Dimer interface residues were identified in the crystal structures and mutagenized to analyze the specificity of dimer formation. The C2–D2 loop residue Phe-168 was changed to Arg (F168R) and the alternating hydrophobic residues Ile-105 and Leu-107 along the G1 β strand dimer interface were changed independently to an alanine (I105A and L107A) or glutamic acid (I105E and L107E) (23). The ability of the mutant and WT PapDs to be crosslinked into a dimer by glutaraldehyde was investigated. Twenty percent of WT PapD could be crosslinked into a dimer species. No higher oligomers were observed (Fig. 4A). The I105A, I105E, L107A, and L107E mutations in the G1 β strand of PapD all abolished the ability of PapD to be crosslinked into a dimer (Fig. 4A). These same mutations have also been shown to interfere with PapD’s ability to bind subunits in vivo and have been shown to be part of the subunit binding cleft (23). The F168R mutation in the C2–D2 loop also abolished the ability of PapD to form a dimer (Fig. 4A). These data argue that residues found along the dimer interface in the crystal structures are necessary for PapD dimer formation in solution.

Effect of mutants on chaperone–subunit interactions and chaperone dimerization. (A) Effect of mutations on PapD dimerization. WT PapD, F168R PapD, and G1 β strand mutants I105A PapD, I105E PapD, L107A PapD, and L107E PapD were induced for expression 5 min prior to pulse-labeling and then chased for 20 min. Periplasm was isolated from the cells and then subjected to glutaraldehyde crosslinking, and PapD was immunoprecipitated with anti-PapDK antiserum. The immunoprecipitates were subjected to electrophoresis on reducing SDS/12.5% polyacrylamide gels. Triplicate gels of each experiment were quantified as in Fig. 2D. (B) Curve showing the binding of purified WT PapD (○), F168R PapD (▴), native (□), or alkylated Q108C PapD (IAA-Q108C) (■) to immobilized MBP/G175–314 protein quantified by ELISA.

Chaperone Dimerization Caps Subunit Binding Surface.

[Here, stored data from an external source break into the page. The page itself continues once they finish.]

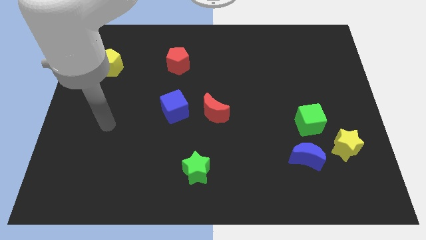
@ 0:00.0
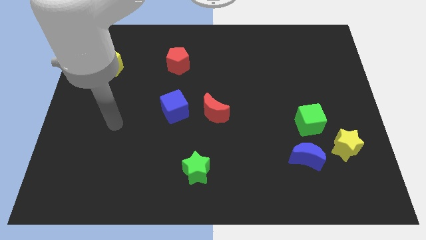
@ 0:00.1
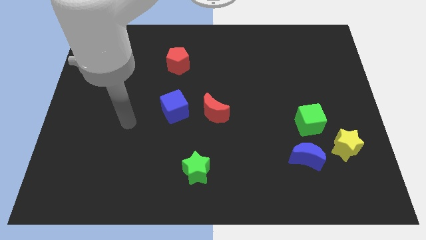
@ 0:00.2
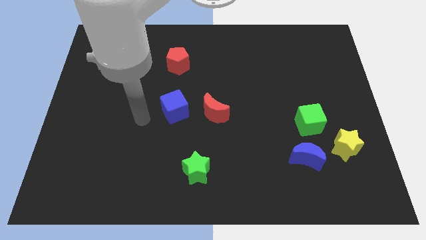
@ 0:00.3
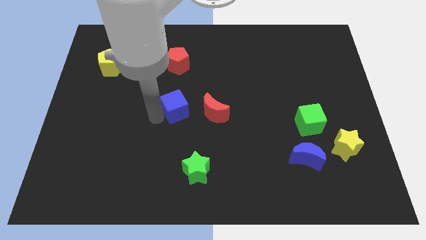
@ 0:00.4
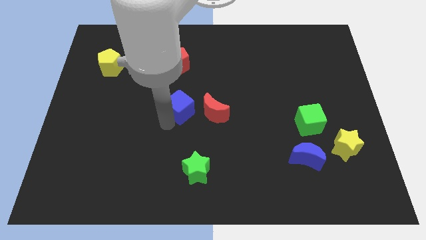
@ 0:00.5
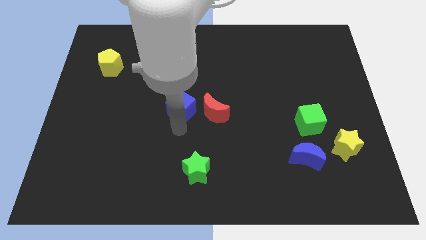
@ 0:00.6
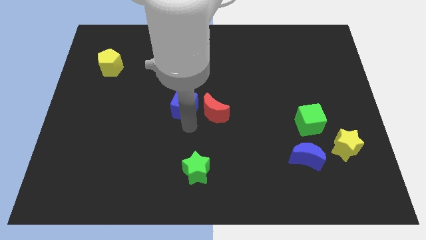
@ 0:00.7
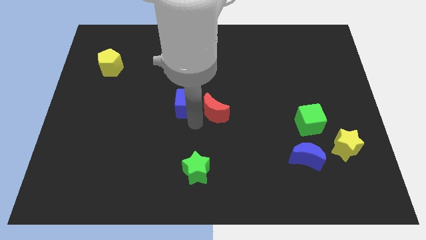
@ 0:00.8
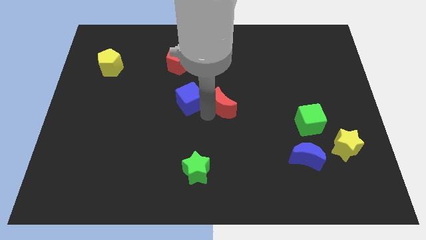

The structure–function analyses described above argue that chaperone dimerization may represent a self-capping event. This hypothesis was investigated by testing the ability of the Q108C PapD dimer to bind to PapG in both in vivo and in vitro chaperone binding assays. PapD has been shown previously to be able to bind to a chimeric protein containing MBP fused to the C-terminal residues 175–314 of PapG (MBP/G175–314) in an ELISA (31). Thus, we tested the ability of purified WT PapD, F168R PapD, and the disulfide-locked Q108C PapD dimer to bind to MBP/G175–314 in the ELISA (31). WT PapD bound MBP/G175–314 the best (Fig. 4B). F168R PapD also bound but not as well as WT PapD. Virtually no binding was detected for the Q108C PapD dimer. These results suggested that PapD’s subunit binding surface is capped when it is locked as a disulfide-linked dimer. To test this hypothesis, we analyzed whether dissociation of the dimer restored its ability to bind to MBP/G175–314 in the ELISA. The Q108C PapD dimer was dissociated with the reducing agent DTT, and the free sulfhydryl groups were alkylated with iodoacetic acid (19) to prevent re-dimerization (IAA-Q108C). Previous work demonstrated that WT PapD binds MBP/G175–314 equally well when alkylated (19). The IAA-Q108C PapD was able to bind MBP/G175–314 at nearly WT levels (Fig. 4B), arguing that only monomeric PapD can bind subunits. In vivo, only monomeric Q108C PapD was found complexed to tip fibrillum subunits in immunoprecipitations using anti-tip fibrillum antiserum (anti-PapGFEK), arguing that dimeric Q108C PapD was unable to participate in chaperone–subunit complex formation (data not shown). The decreased ability of the Q108C PapD dimer to bind to subunits and its propensity to become locked into a dimer in the periplasm explain why the Q108C mutation reduces the hemagglutination (HA) titer and pilus assembly. In addition, the Gln-108 residue is positioned on the G1 β strand, which is known to be critical for subunit binding (12, 14, 15, 17). The F168R PapD bound subunits efficiently (Fig. 4B and data not shown) and produced a higher HA titer than did WT PapD. The higher HA titer correlated with the presence of an increased amount of pili as determined by SDS/PAGE of purified pili (data not shown).

DISCUSSION

PapD is required in P pilus biogenesis to bind to pilus subunits in the periplasm. Specifically, PapD makes a β zippering interaction with a conserved C-terminal β strand of pilus subunits as they emerge from the cytoplasmic membrane in semi-unfolded conformations (12, 14, 15, 17). This interaction has been shown to facilitate the release of subunits from the cytoplasmic membrane into the periplasm as chaperone–subunit complexes and may provide the proper environment or template for the subunit to acquire its assembly-competent (native) fold (12, 14, 17). PapD then takes part in one-to-one interactions with the pilus subunits, protecting them from proteolytic degradation in the periplasm (1–4, 16–18). Assembly-competent pilus subunits bound to PapD are predominately β-sheet proteins, reminiscent of PapD’s structure (9), as determined by crystallization of the PapD-PapK complex (F. G. Sauer, K. Fütterer, S. Pinkner, K. Dodson, S.J.H., and G. Waksman, unpublished results). Here, we have shown that PapD can interact transiently with itself, using the same interactive surface used to bind the C terminus of subunits in what may represent a self-capping mechanism.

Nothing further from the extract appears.